I have had the great misfortune of having to travel to numerous family and non-family events, where for days on end I have to suffer being tossed around patriarchal, misogynistic, homophobic opinions like a shirt in a rickety washing machine. Usually at these events the men and women separate into two different groups, and the men go and sit outside, basking in the sun, cracking open beers and sharing anecdotes and terribly misinformed political opinions. The women, sit in dark badly ventilated huts and spend the majority of the time complaining about their husbands while cooking meals for upwards of 15 people, three times a day, simultaneously taking care of babies (although that can be delegated to younger female children) and cleaning. They complain about how bad their husbands (who majority of the time are not even breadwinners) are at managing money, how they seldom help out in the household, the stress of managing a household, how unloved they may feel, how their lives lack the romance and passion they thought they would have as teenagers. They make self-deprecating jokes and reconcile themselves to the fact that that is their reality, however sad it is. It is frightening how there seems to be a template for what married life looks like for women. People who I grew up playing pada with, have had their youth and liveliness all sucked away, and succumbed to this same deadness.
The paradox comes
in, when you vocalise that you want something different. When you are in the
kitchen, cutting vegetables with a blunt knife, squinting against the smoke,
and mention that maybe you would like to marry a man who would at least treat
you with kindness, they laugh dismissively. They tell you, quite ominously,
that “you will see”. And when you suggest that maybe, if marriage is as hellish
as it has been for them, that you would rather give it up altogether, they
laugh even harder. They would rather see you conjoined in their suffering than
having escaped it. I do not think that this objectively makes them bad people,
as this is a rather complex topic.
Anyway, these same
women, who have borne the brunt of back breaking marriages, rather than nurture
sons who are what they would have liked from the men around them; soft, gentle,
kind, thoughtful, helpful, seem to amplify the negative traits of those men.
They nurture men who are brutish, mean and selfish. And this is not to say that
the faults of men are solely to be blamed on the women that raised them.
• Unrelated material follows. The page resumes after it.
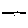
Label: line
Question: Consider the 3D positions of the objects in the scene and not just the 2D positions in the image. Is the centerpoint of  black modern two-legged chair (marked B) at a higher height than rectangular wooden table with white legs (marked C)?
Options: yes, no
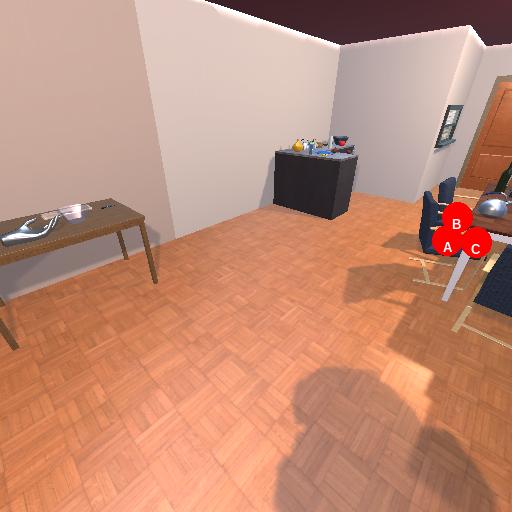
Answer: yes

Rather
than raising little girls who are loved, safe and cherished, and ensure that
these little girls become women who marry good men, they open up room for
abuse, they shame them for showing skin, for being too educated, for liking
their appearance too much. They shame them for not valuing men enough, for
wanting more than patriarchy has to offer them. The couple I first spoke about,
has separated now, and the woman’s family, rather than force her to endure a
loveless horrific marriage, has welcomed her back and offered the groom’s
family their roora money back.
This was my first
time witnessing a Shona family protect their daughter in such a way. Refusing
to open her up to harm on the basis that she has been bought by another person’s
family and as such, must suffer whatever she can at their hands. In another
instance, a different family’s daughter was having such severe marital problems
with her husband that she fell so sick she almost died, and was incredibly
depressed. Rather than pull her out of a situation she clearly was so unhappy
in, the women in her family told her to toughen up, and discouraged her from
pursuing a divorce.
It is strange to
me, to see this role a majority of older women play in the lives of younger
women, to see this complex portrayal of patriarchy, and that it is not as
simple as stating that it is us the women (et al) versus the men. But that
inside this giant hierarchy there is also us the women versus each other. How
do we resist this system that has torn the fabric of our lives and ensured that
we constantly live in fear? Fear of not just the strange men who will leap out of the shadows and rape us,
but the men in our homes, the men who we have chosen to love? How do we resist
this system if at the core of it we are attacking ourselves?